*Description of the task*
Since pictures are not wanted, repeat only the text of the records, word for word.

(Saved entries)
==========
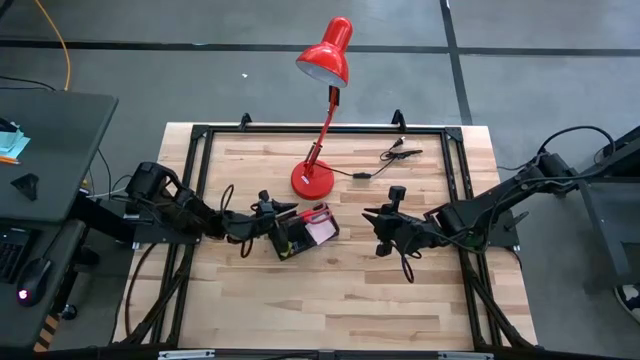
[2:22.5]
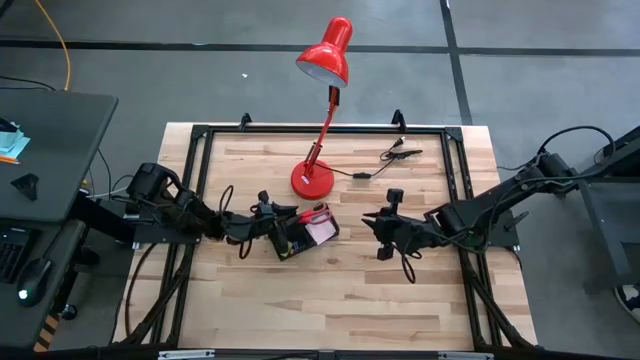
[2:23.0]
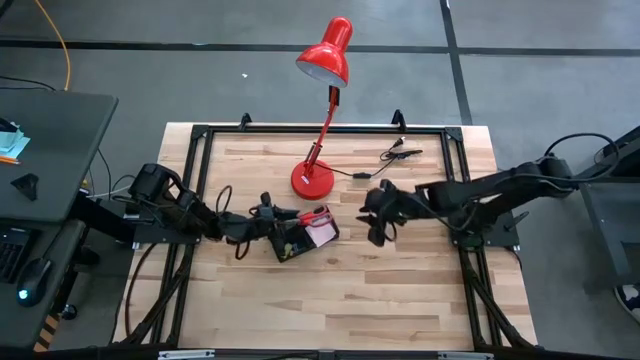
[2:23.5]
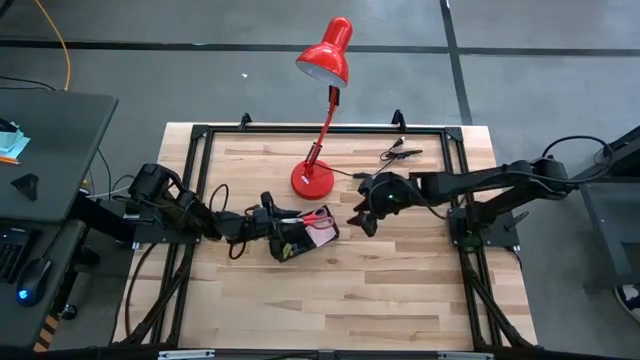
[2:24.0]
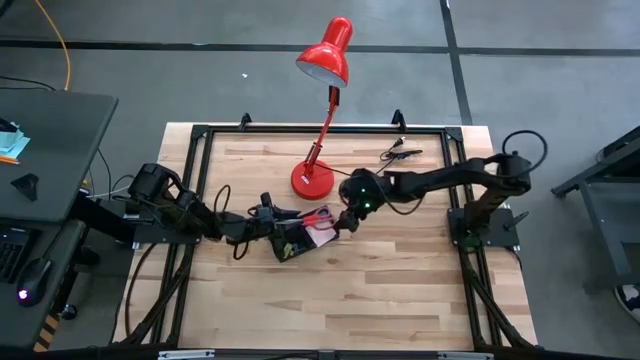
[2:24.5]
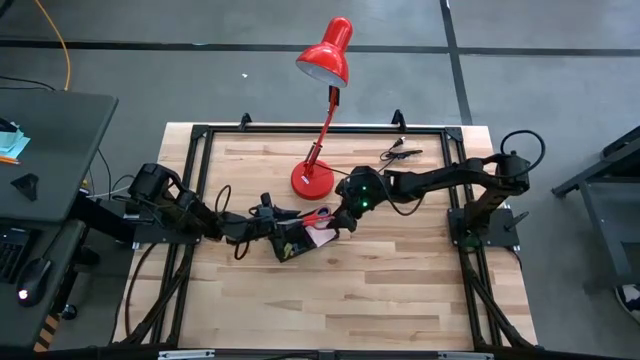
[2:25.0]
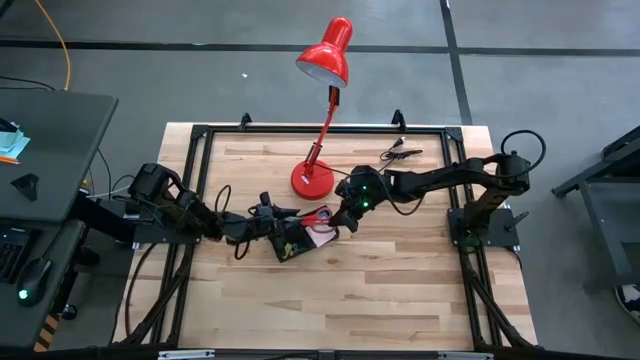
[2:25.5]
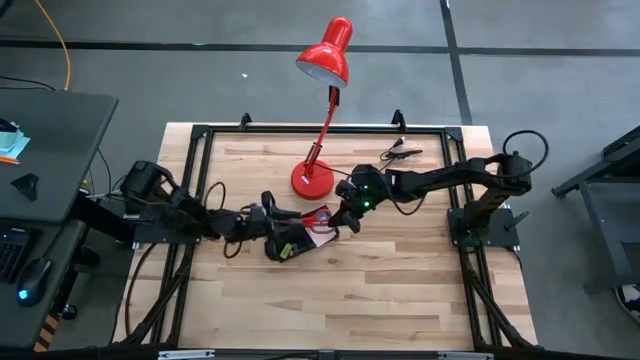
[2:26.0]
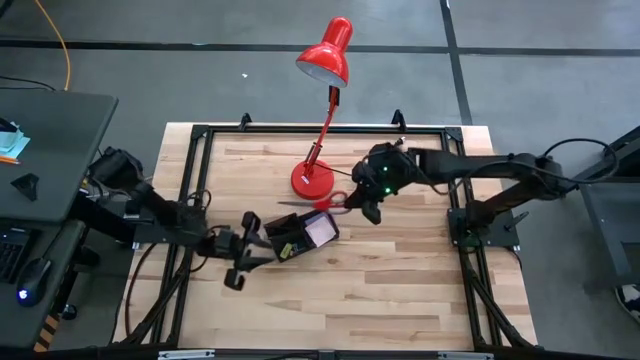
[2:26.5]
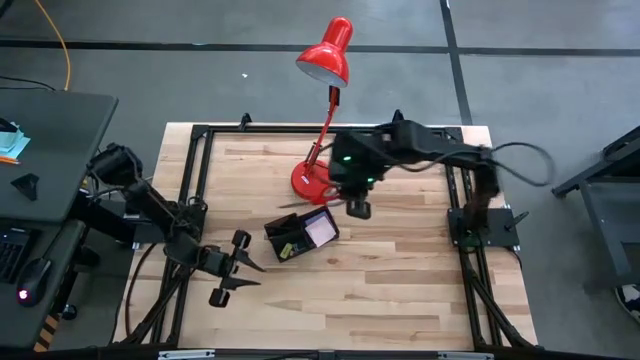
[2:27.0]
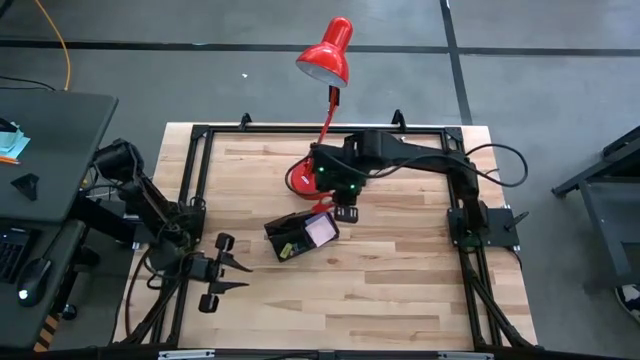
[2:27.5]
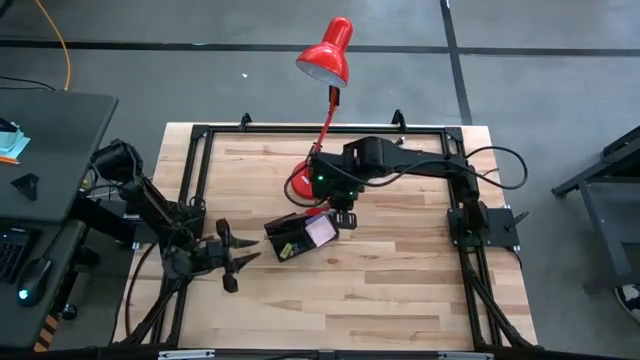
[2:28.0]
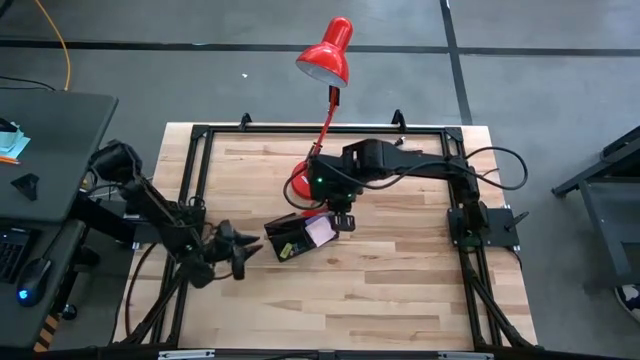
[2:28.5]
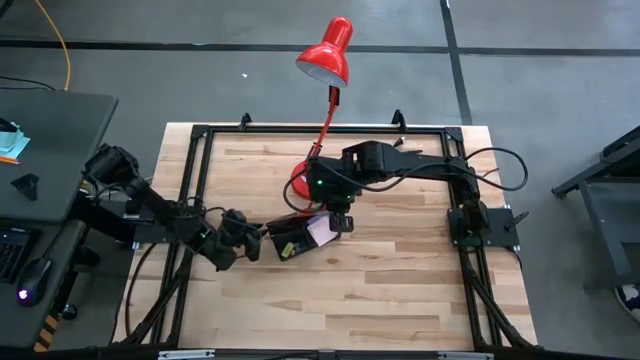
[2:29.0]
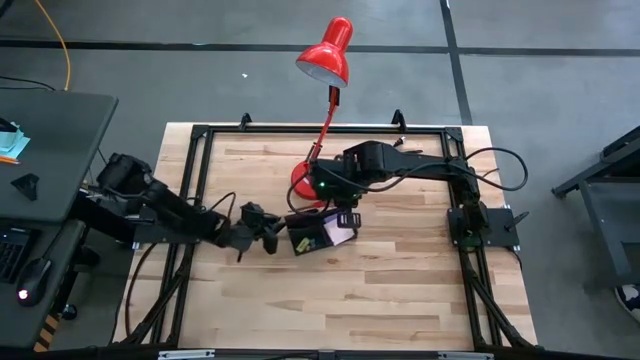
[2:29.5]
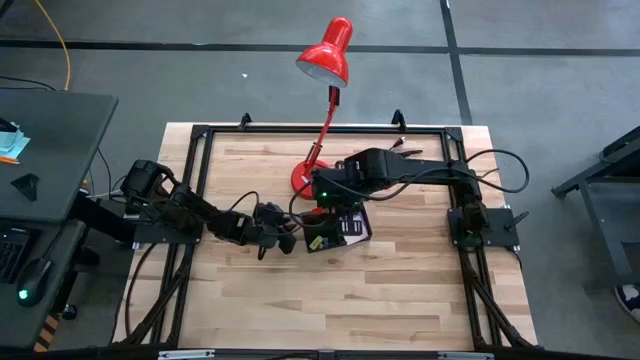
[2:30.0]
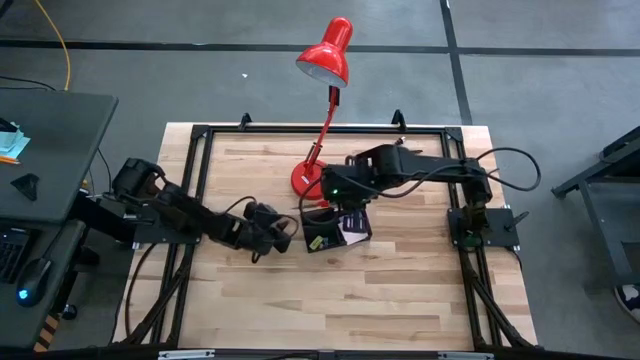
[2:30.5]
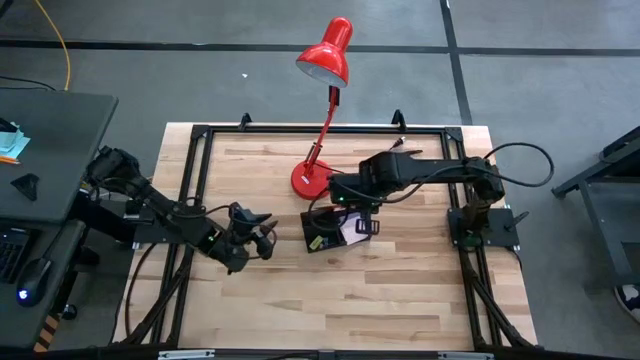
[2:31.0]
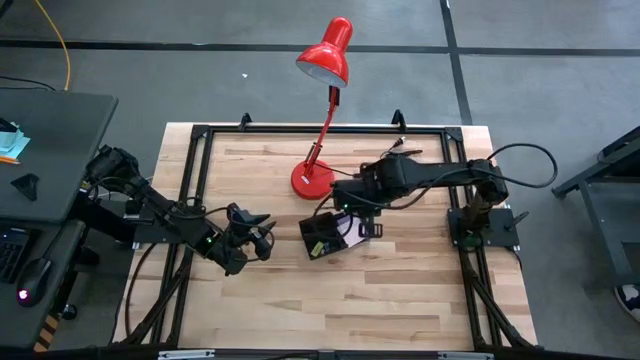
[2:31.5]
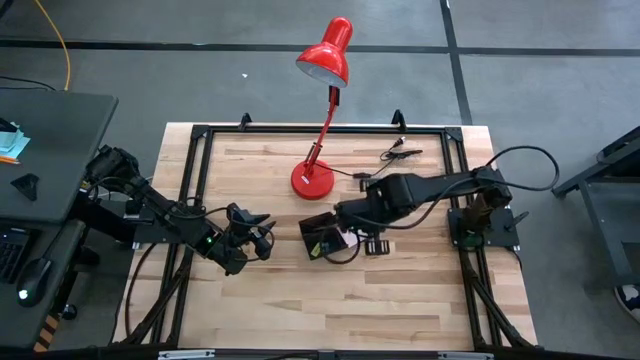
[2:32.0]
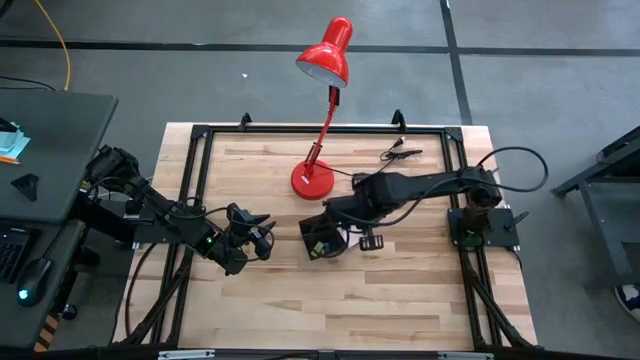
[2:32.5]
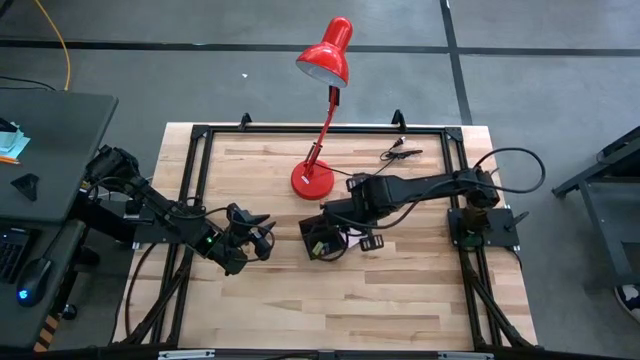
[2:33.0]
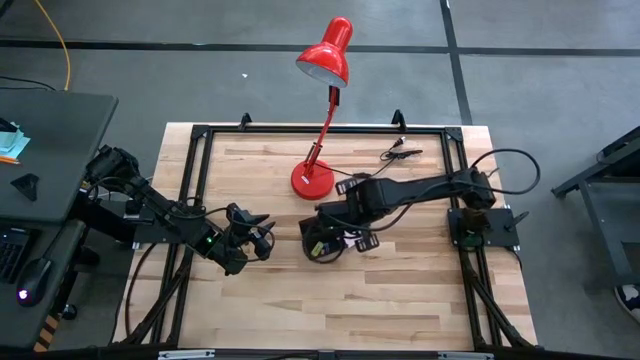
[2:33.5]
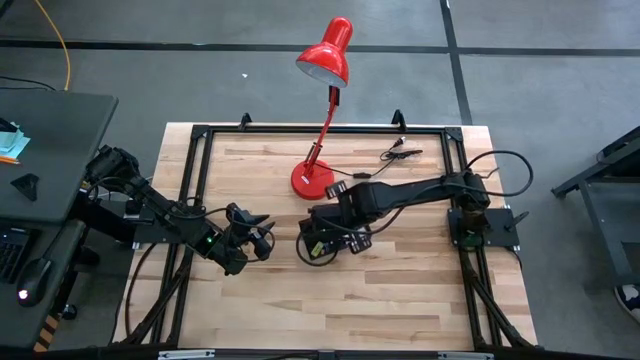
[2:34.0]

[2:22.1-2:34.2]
==========
*Written answer*
[2:22.5]
[2:23.0]
[2:23.5]
[2:24.0]
[2:24.5]
[2:25.0]
[2:25.5]
[2:26.0]
[2:26.5]
[2:27.0]
[2:27.5]
[2:28.0]
[2:28.5]
[2:29.0]
[2:29.5]
[2:30.0]
[2:30.5]
[2:31.0]
[2:31.5]
[2:32.0]
[2:32.5]
[2:33.0]
[2:33.5]
[2:34.0]

[2:22.1-2:34.2]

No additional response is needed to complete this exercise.